Rescued by a passersby, Sasha returns to the ranger station and alerts the authorities, who recover at least twenty bodies from Ben's hideout. Reaching the beach, Sasha pays a final tribute to Tommy, throwing his compass into the ocean.

==Production==
===Development and casting===
Jeremy Robbins wrote the script for Apex, and at end of the 2021, it was voted onto the Black List of best unproduced screenplays for the year. Netflix later secured the rights for the film in February 2024, with Ian Bryce and Chernin Entertainment as producers. The film is directed by Baltasar Kormákur from a Jeremy Robbins screenplay. Charlize Theron stars and is producer on the film alongside Dawn Olmstead, AJ Dix and Beth Kono. Kormákur is also producing through RVK Productions, as well as Peter Chernin, Jenno Topping and David Ready as well as Bryce through Chernin Entertainment. Taron Egerton joined the cast in November 2024, with Eric Bana joining in January 2025.

===Filming===
Principal photography began in Sydney and around the Blue Mountains, New South Wales, Australia, in February 2025.

Egerton campaigned for the use of The Chemical Brothers track Go and apparently approached the band to permit its inclusion.

===Post-production===
The film's visual effects were supervised by Enrik Pavdeja and produced by Gavin Round, with contributions from Framestore (who previously collaborated with Kormákur on Beast and Everest), ILM, Rising Sun Pictures, Union VFX and Host VFX.

==Release==
Apex was released on Netflix on April 24, 2026.

==Reception==
 Metacritic, which uses a weighted average, assigned the film a score of 58 out of 100, based on 23 critics, indicating "mixed or average" reviews.

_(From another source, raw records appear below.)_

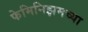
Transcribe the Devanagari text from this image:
फेमिनिझमच्या
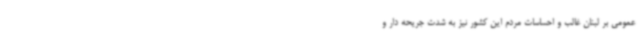
عمومی بر لبنان غالب و احساسات مردم این کشور نیز به شدت جریحه دار و
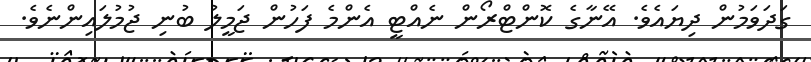
ގަދަވަމުން ދިޔައެވެ. އޭނާގެ ކޮންޓްރޯން ނެއްޓީ އެންމެ ފަހުން ޖަމީލު ބުނި ޖުމުލައިންނެވެ.
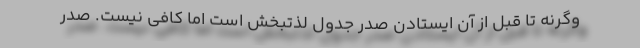
وگرنه تا قبل از آن ایستادن صدر جدول لذتبخش است اما کافی نیست. صدر
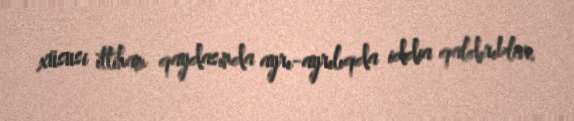
xüsusi ittiham qaydasında ayrı-ayrılıqda iddia qaldırıblar.
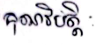
 គុណវិបត្តិ
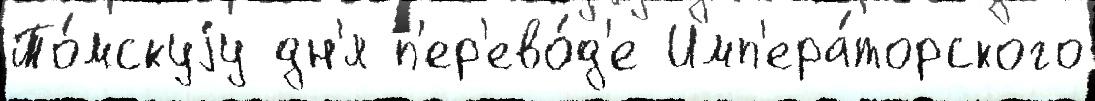
То́мскуjу дн'я п'ер'ево́д'е Имп'ера́торского

Luke Buckmaster of The Guardian gave the film two stars out of five, stating "It's hard not to be cynical about movies like Apex, or to second guess its format: a trajectory whereby the steely protagonist with a dramatic backstory narrowly escapes death before eventually turning the tables on their assailant... The whole affair feels slick but soulless, with no personality or – despite the lush settings – any real sense of place." Tomris Laffly of RogerEbert.com gave the movie three stars out of four and added "Kormákur is masterly in utilizing his locations, seamlessly marrying every turn, cave, rapid, and waterfall with the narrative, realizing their full potential. Meanwhile, Egerton's maniacal scream and frighteningly livid eyes, and Theron's composed strength and endurance make a worthy pairing, with the balance slowly shifting between the two."

In a negative review, M.N. Miller of InSession Film described Apex as "a hollow, algorithm-driven action film that mistakes noise for entertainment" that "gives streaming a bad name."